- Directed by: Jack Harvey
- Written by: Harry Chandlee (intertitles) H. T. Crist Harriet Hinsdale
- Produced by: Plaza Pictures
- Starring: Priscilla Moran William V. Mong
- Cinematography: L. William O'Connell
- Edited by: Harry Chandlee
- Distributed by: Irwin Exchanges
- Release date: June 7, 1928;
- Running time: 6 reels
- Country: United States
- Language: Silent (English intertitles)

= No Babies Wanted =

1928 film

No Babies Wanted is a 1928 silent film domestic drama directed by Jack Harvey, released under the alternative title The Baby Mother. It starred child actress Priscilla Moran (b. 1917) and seasoned silent veteran William V. Mong as her grandfather.
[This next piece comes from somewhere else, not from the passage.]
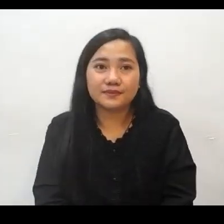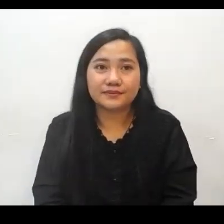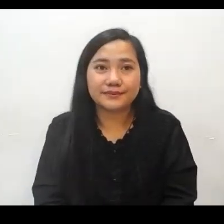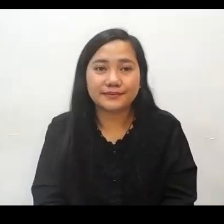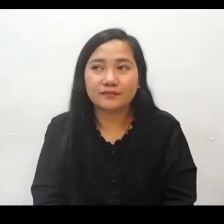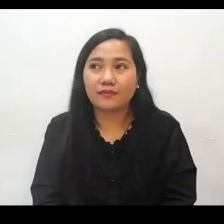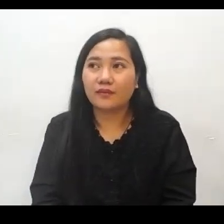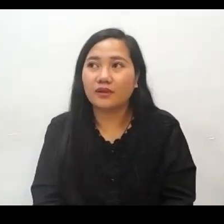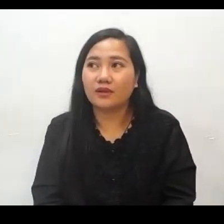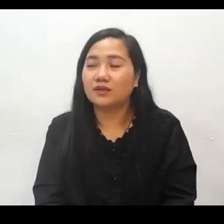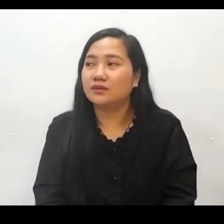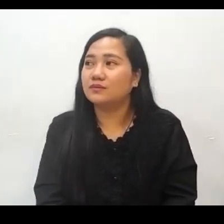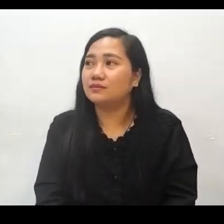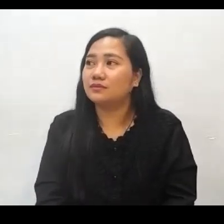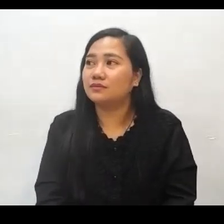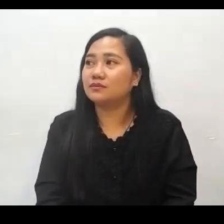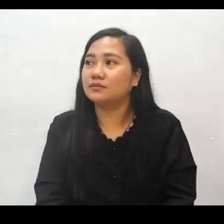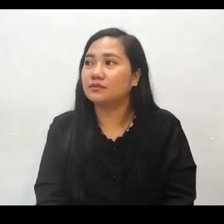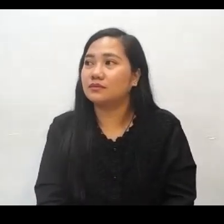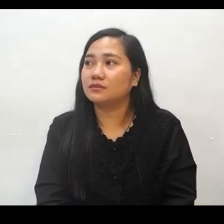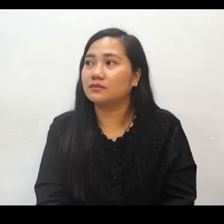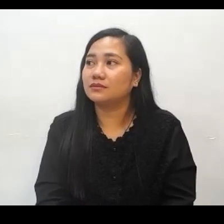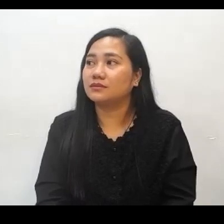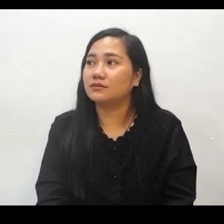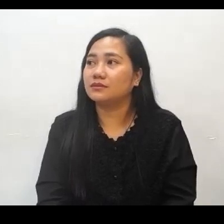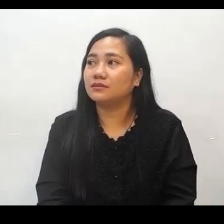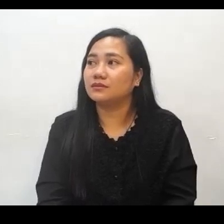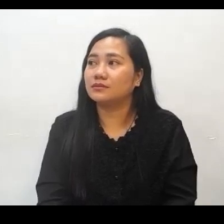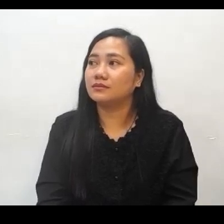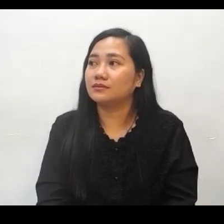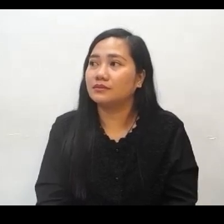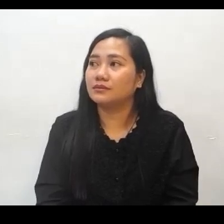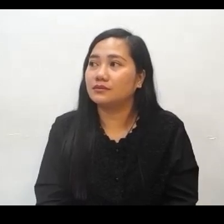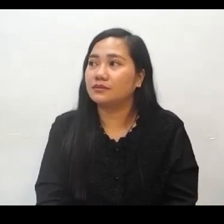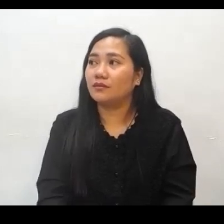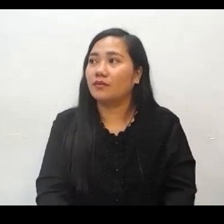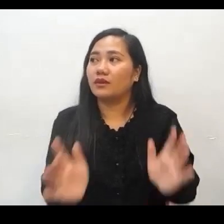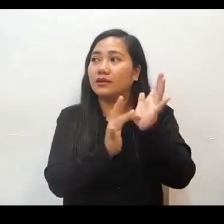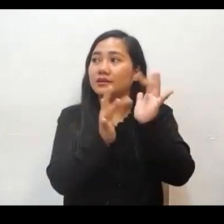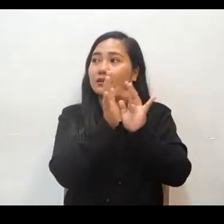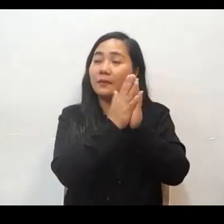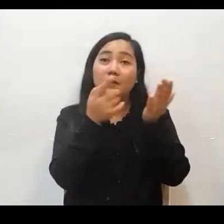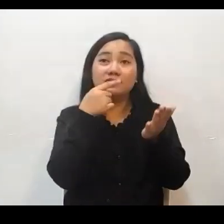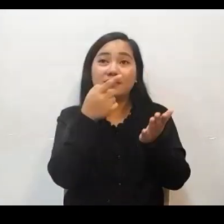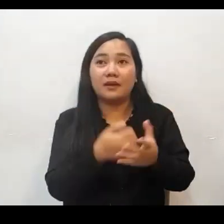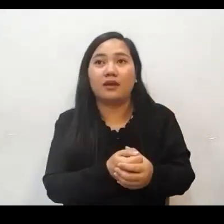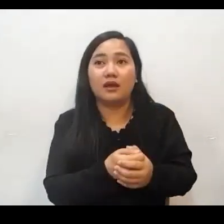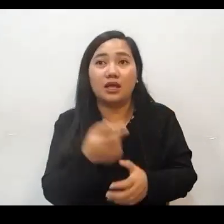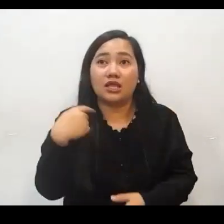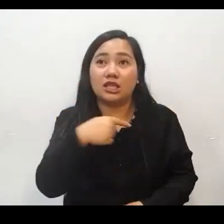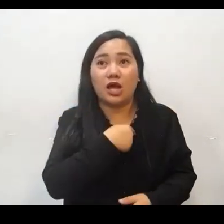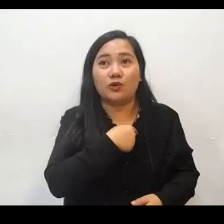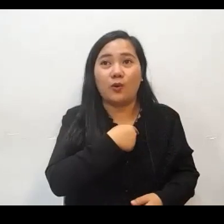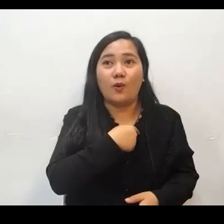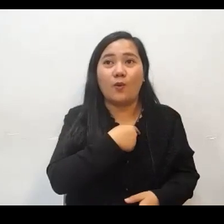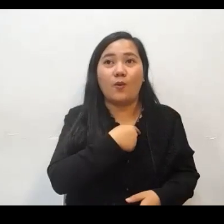The Bible says We are the witness of God Kaya sinasabi po ng Biblia na tayo ay mga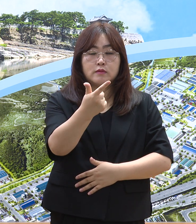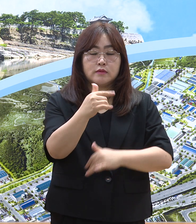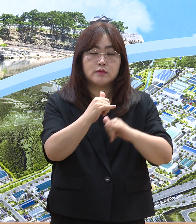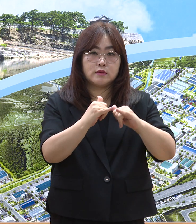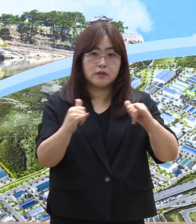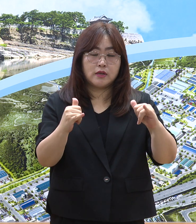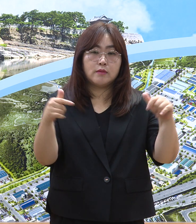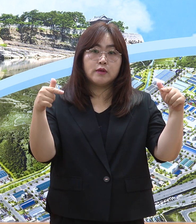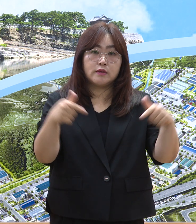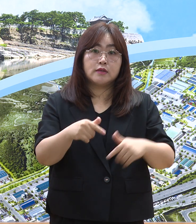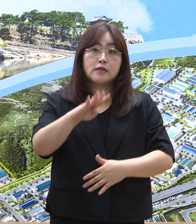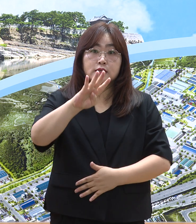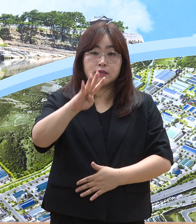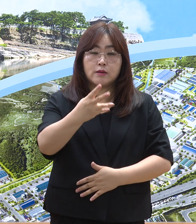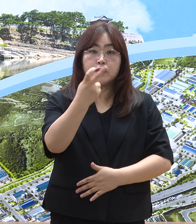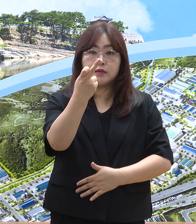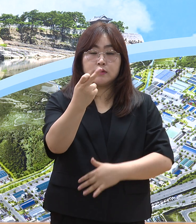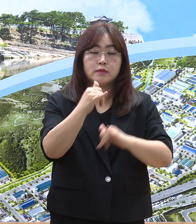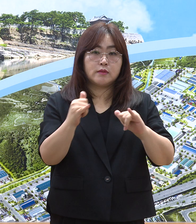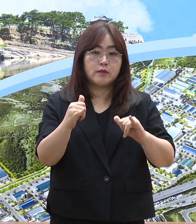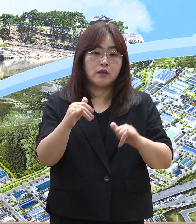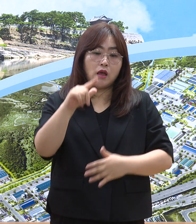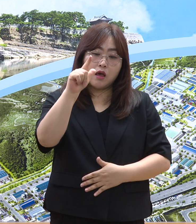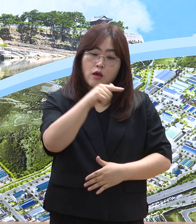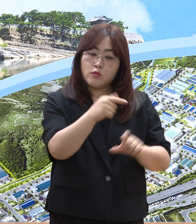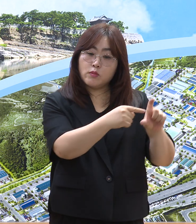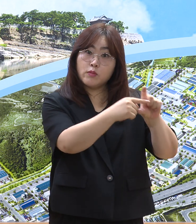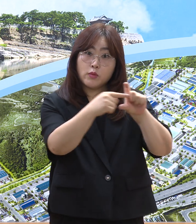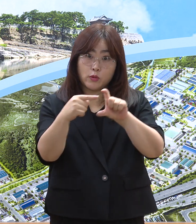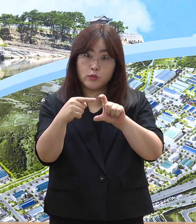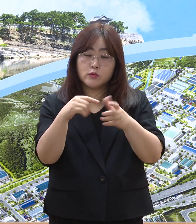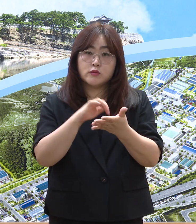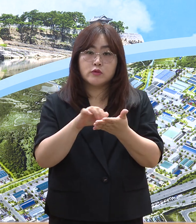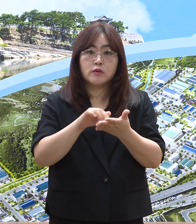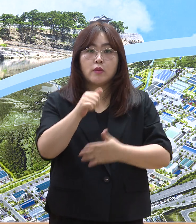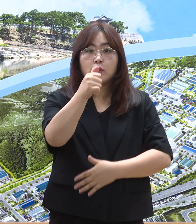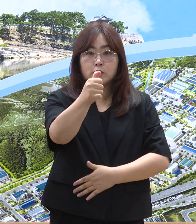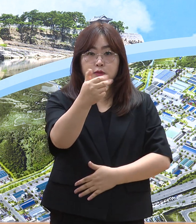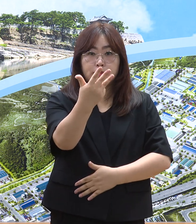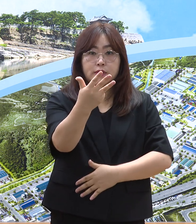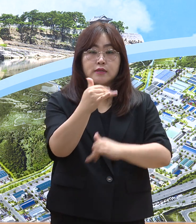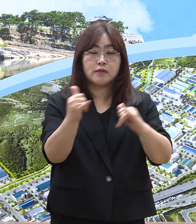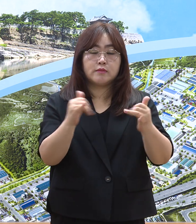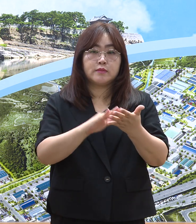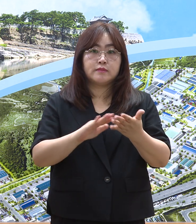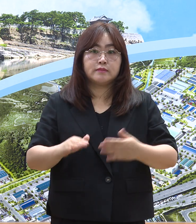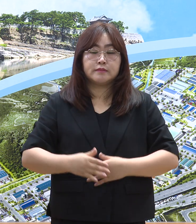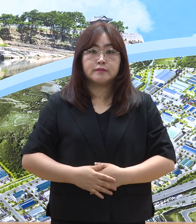412명이며 1일 평균 확진자 수는 58명입니다.

It is preserved at the Library of Congress.

==Cast==
- Priscilla Moran - Patsy O'Day
- William V. Mong - Michael O'Day
- Dorothy Devore - Martha Whitney
- Emily Fitzroy - Landlady, 'Old Ironsides'
- Cissy Fitzgerald - Woman from Orphanage
- John Richard Butler - The Baby

==Plot==

Michael O'Day, an elderly man, and his 8-year-old granddaughter Patsy, adopt an abandoned baby left on their doorstep. When Michael is injured and hospitalized, Patsy struggles to care for the infant while protecting it from a harsh landlady who enforces strict "no babies" rules in the building and the threat of an orphanage.